A kind of data de-duplication hardware accelerator comprises:
The EBI receiver module: reception needs the data stream of processing, and gives intelligent cutting module with this stream data transmission;
Intelligence cutting module: accomplish detection and calculating to above-mentioned data stream, and according to segmentation rules with this data stream cutting;
The fingerprint computing module: the data stream to the cutting of above-mentioned intelligent cutting module is carried out hash calculation, and generates corresponding fingerprint cryptographic hash;
Storage RAM module: segment information, the fingerprint cryptographic hash of temporary above-mentioned intelligent cutting module;
The EBI sending module: being transferred to internal memory, and notification processor carries out the redundant block retrieval and inquisition with the segmental information in the above-mentioned storage RAM module, fingerprint cryptographic hash.
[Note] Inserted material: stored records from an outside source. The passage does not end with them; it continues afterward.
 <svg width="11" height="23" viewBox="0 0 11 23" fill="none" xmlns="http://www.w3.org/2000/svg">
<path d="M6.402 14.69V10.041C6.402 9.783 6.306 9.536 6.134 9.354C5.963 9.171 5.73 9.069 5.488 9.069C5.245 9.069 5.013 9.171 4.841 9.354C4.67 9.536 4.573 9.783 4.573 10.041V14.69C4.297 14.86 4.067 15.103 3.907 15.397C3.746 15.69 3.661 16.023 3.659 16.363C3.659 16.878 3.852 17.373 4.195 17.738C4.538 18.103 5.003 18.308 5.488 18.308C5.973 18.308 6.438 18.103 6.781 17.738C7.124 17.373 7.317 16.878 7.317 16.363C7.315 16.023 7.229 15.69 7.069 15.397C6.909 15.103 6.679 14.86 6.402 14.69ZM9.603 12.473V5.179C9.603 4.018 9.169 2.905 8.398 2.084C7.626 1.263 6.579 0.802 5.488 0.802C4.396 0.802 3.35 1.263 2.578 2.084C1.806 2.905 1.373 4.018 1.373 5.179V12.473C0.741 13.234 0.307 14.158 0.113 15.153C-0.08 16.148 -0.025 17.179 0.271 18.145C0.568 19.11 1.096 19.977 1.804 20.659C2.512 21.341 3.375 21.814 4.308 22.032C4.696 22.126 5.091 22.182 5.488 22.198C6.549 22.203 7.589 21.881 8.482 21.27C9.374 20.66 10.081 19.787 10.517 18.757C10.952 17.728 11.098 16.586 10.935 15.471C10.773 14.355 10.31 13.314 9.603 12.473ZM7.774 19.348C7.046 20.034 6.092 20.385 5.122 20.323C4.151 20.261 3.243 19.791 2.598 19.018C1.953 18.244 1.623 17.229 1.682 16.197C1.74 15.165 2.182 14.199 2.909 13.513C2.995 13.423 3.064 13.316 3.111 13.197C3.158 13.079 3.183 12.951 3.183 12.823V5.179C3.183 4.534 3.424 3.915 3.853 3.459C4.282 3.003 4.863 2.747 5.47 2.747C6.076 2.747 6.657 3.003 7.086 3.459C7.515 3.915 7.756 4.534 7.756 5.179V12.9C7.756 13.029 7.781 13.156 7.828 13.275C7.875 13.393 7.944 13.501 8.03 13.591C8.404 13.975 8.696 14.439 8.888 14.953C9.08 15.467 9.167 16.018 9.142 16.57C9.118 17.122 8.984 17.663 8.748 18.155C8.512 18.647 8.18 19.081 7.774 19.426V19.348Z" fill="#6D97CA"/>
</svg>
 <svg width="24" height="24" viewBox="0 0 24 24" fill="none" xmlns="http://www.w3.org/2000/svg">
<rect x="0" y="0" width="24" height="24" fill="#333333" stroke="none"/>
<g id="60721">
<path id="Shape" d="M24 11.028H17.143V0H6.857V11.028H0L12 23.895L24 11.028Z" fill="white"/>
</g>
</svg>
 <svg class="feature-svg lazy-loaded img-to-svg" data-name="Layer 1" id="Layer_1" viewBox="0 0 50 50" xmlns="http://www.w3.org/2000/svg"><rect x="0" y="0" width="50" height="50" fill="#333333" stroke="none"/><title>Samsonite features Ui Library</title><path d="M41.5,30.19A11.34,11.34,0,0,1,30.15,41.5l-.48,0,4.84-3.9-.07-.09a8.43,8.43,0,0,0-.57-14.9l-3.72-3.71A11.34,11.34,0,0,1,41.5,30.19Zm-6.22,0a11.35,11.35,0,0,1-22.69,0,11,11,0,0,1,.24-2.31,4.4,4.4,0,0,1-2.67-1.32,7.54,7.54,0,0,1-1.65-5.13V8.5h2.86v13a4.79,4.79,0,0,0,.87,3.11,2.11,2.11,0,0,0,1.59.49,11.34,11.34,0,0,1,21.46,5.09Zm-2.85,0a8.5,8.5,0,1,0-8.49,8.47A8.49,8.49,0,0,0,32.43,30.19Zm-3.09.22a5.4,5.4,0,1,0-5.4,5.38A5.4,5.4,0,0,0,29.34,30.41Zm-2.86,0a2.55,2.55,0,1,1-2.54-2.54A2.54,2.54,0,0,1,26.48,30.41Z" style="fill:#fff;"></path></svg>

According to a preferred embodiment of the invention, said device also comprises compression module: the data of above-mentioned intelligent cutting module cutting are carried out compaction algorithms, further dwindle the data occupancy space; Data after the said compression module compaction algorithms are temporarily stored in the above-mentioned storage RAM module.
According to a preferred embodiment of the invention, this device is for based on the FPGA circuit design.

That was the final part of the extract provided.